Although the tea party flexed its muscles in Kentucky Tuesday, lifting Rand Paul to a robust win in the GOP Senate primary, the movement's influence was weaker in Pennsylvania.
Candidates with tea party ties ran up and down the GOP ballot across the commonwealth, but Terry Madonna, a longtime observer of Pennsylvania politics and a professor at Franklin & Marshall College in Lancaster, says their poor election showing surprised him.
Many of them did worse than expected, political analysts say, and GOP establishment candidates won in every instance.
State Rep. Sam Rohrer, a Berks County Republican with strong tea party ties, won only 31.3 percent of the vote against Attorney General Tom Corbett, the favorite of the GOP establishment. Corbett won with 68.7 percent of the vote. Corbett has garnered popularity in Pennsylvania in recent years because his bipartisan prosecutions of corrupt state legislators and their aides.
“Although the polls leading up to the election showed Corbett winning, I actually thought that, if the tea party did anything, they could get Corbett down in the low 60s and high 50 range,” Madonna tells Newsmax. “That didn’t work.”
Unlike Paul, Rohrer had little statewide name recognition and little money to spend, which Madonna says hampered his campaign despite his self-avowed tea party connection.
Although fundraising shackled Rohrer statewide, he did better in areas with strong tea party groups, Rohrer supporter State Rep. Curt Schroder tells Newsmax.
Rohrer picked up 40 percent of the vote in Chester County, a suburban Philadelphia county that has developed a swing electorate in recent years.
“If you look at some of the townships and municipalities . . . Sam really cleaned up,” Schroder says. “If you look at areas with strong conservative groups, he tends to do very well.”
Tea party turnout likewise failed to put Republican businessman Tim Burns over the top in the race for the late John Murtha’s seat against Democrat Mark Critz, a former Murtha aide.

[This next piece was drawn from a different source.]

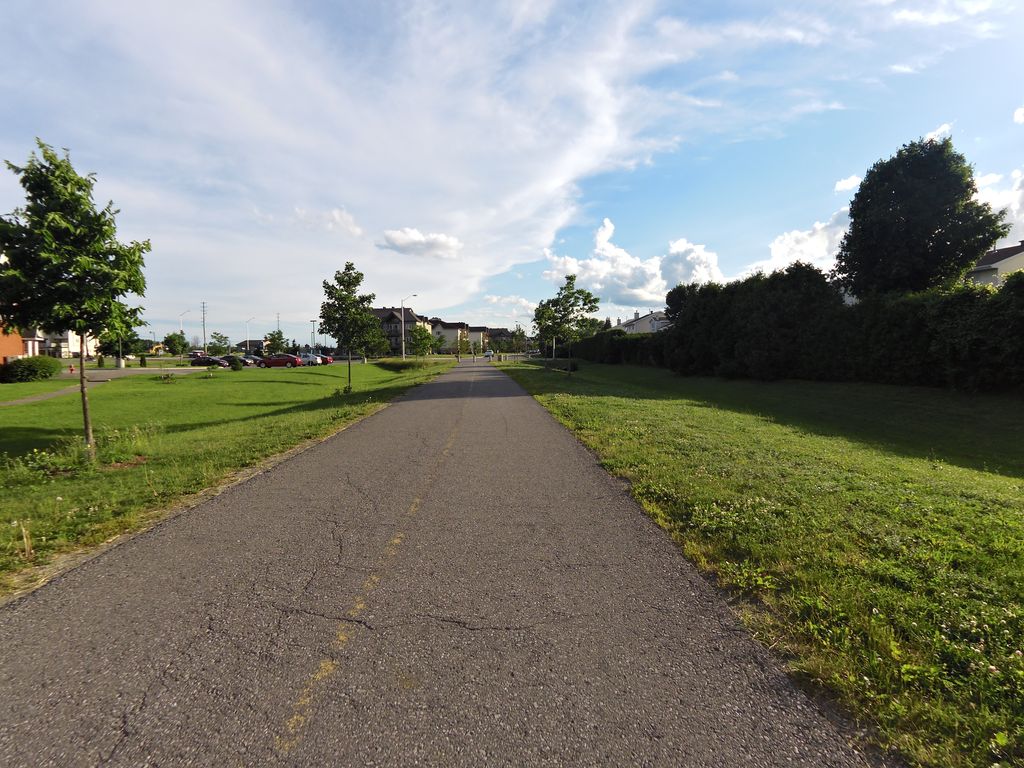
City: ottawa-gatineau

“I didn’t see any impact in the challenge against incumbents for the state House, of which there were nine in Pennsylvania,” Madonna says.
Only one tea party candidate won against an incumbent GOP state representative statewide, but Schroder says tea party-affiliated candidates did well in their races for his local Republican county committee, which has responsibility for endorsing candidates.
Every incumbent GOP member of Congress easily defeated tea party-affiliated challengers.
GOP Rep. Jim Gerlach, whose 6th Congressional District has remained a perennial Democratic target, easily defeated tea party candidate Pat Sellers by an 80 percent-20 percent margin. The same was true in the 15th Congressional District where incumbent moderate GOP Rep. Charles Dent trounced tea partyer Mat Benol by an 82 percent-17 percent margin. In the 19th Congressional District, incumbent Rep. Todd Platts beat tea partyer Michael Smeltzer by a 70 percent-30 percent margin.
Peg Luksik, a conservative activist with tea party ties who ran several times for governor in the ’90s, barely made a scratch against former GOP Rep. Pat Toomey, whose primary challenge prompted Sen. Arlen Specter’s unsuccessful bid for re-election as a Democrat. Toomey beat Luksik, 81.5 percent to 18.15 percent.
“If there is anything about Toomey, he is probably somebody the tea party people can get behind because he pretty much agrees with the goals of the tea party movement,” Madonna said.
Darryl Metcalfe, a tea party-backed candidate for lieutenant governor, placed third with 12.7 percent of the vote amid a crowded field of eight candidates. Jim Cawley, the endorsed GOP candidate, won with 26.3 percent of the vote.
Schroder and Madonna, however, agree that the tea party movement will play a positive role in energizing the Republican base.
“I think they will really help Republican candidates, those who are conservative as well as those who are moderate,” Schroder tells Newsmax.
Madonna, however, says the tea partyers’ full impact probably will not be known until the fall because many are registered independents, ineligible to vote in Pennsylvania’s closed primary.